Would a professional web company use Google Chart API? - Skeletor

http://code.google.com/apis/chart/<p>When I first saw this API I thought it was a really useful and powerful tool  However, as I started using it in a webapp I'm building I started thinking it would look cheap to reuse a charting API like this.<p>Could a professional web company that charges for access to its service use the Google chart API?  Would it be seen as taking an unnecessary shortcut and a  lack of technical skills in setting up a proper charting/graphing package?
======
ggrot
I don't think the graphs look cheap on their own, but they do have a "look",
which if overused could begin to look cheap - like the standard blogspot
templates or an excel graph as examles. I don't think that is the case yet,
nor may it ever be (you have to be a programmer to use these).

Here is another positive: the graphs are fast. Really Really fast. You get the
multiple-hosts pipelining trick for free. You get the fact that Google hosts
these graph servers local to wherever your customer is. Google buys better
network connections than you can likely afford. Also, some engineer(s) at
Google's job is to make sure that the rendering itself (server-side) is wicked
fast which is more than you can say about your company or graph library you
are using.

Speed is valuable and looks _very_ professional.

------
thorax
They're not so bad and they're easy.

When working on charts for a site and you're looking for wicked ROI, why not
toss in these until you have a little extra time to change them to something
you prefer more?

------
iamdave
"Would it be seen as taking an unnecessary shortcut and a lack of technical
skills in setting up a proper charting/graphing package?"

It would be seen as making the best use of available resources. I see two key
benefits to using Google APIs

1.) It will establish a sense of familiarity with non-technical users. They
see Google, they feel a bit more secure in the application's ability to
perform and deliver

2.) It will show developers that you recognize effective solutions based on
the depth of development, and how well you implement the system.

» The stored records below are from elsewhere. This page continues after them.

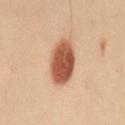| field | value |
|---|---|
| workup | total-body-photography surveillance lesion; no biopsy |
| diameter | ≈5 mm |
| subject | female, aged 28 to 32 |
| site | the lower back |
| automated metrics | a shape eccentricity near 0.7 and a shape-asymmetry score of about 0.05 (0 = symmetric); border irregularity of about 1 on a 0–10 scale, a color-variation rating of about 4/10, and a peripheral color-asymmetry measure near 1.5; a classifier nevus-likeness of about 100/100 and lesion-presence confidence of about 100/100 |
| acquisition | ~15 mm tile from a whole-body skin photo |
| illumination | cross-polarized illumination |

I think a pro company could very well make use of these technologies, even if
they have the competence to create the solution themselves. If the idea is to
deliver results in the highest manner possible, and they feel comfortable
using Google APIs, go for it.

------
morbidkk
I would say if you are showing the charts in your web-apps that means lot to
the end user e.g. analytics data. It is one of the important aspect of
application and that decides whether people like it or not. In such case it
would be good to have in-house expertize on charts/some library e.g.
JFreeChart for java or Flot(JQuery) JavaScript << good for minimal charting
capability>>. That helps to keep control and plan ahead. I mean same applies
for google charts too. But in that case you are loosing out control over some
part of your application as you are delegating this important task to third
party(google). If it is part of product/portal; I think lot of clients wont
approve such decision.They will prefere custom-build/coded part for that in
the application.

------
mtoledo
I don't think lacking technical prowess in setting a proper charting package
to be a significant reason. That would be like saying you are cheap for using
a web framework instead of writing your own would be cheap as well. Just this
case, it's a "framework" (it's techinically and API, I know) for displaying
charts.

They do look cheap though. You could maybe count on the fact that they would
improve the chart's presentation without changing the API, but that could
never happen.

If your app is simple and doesn't value presentation too much, you can go
ahead and save the extra hours you'd spend on a charting package on some other
features that people want.

They are too simple for me to use in my apps, though.

------
misterbwong
To me, it would look cheap. I would not use it as part of my offering, because
a) it relies on Google's servers which have no guarantee of uptime and b)
decent charting packages are already available for a reasonable price.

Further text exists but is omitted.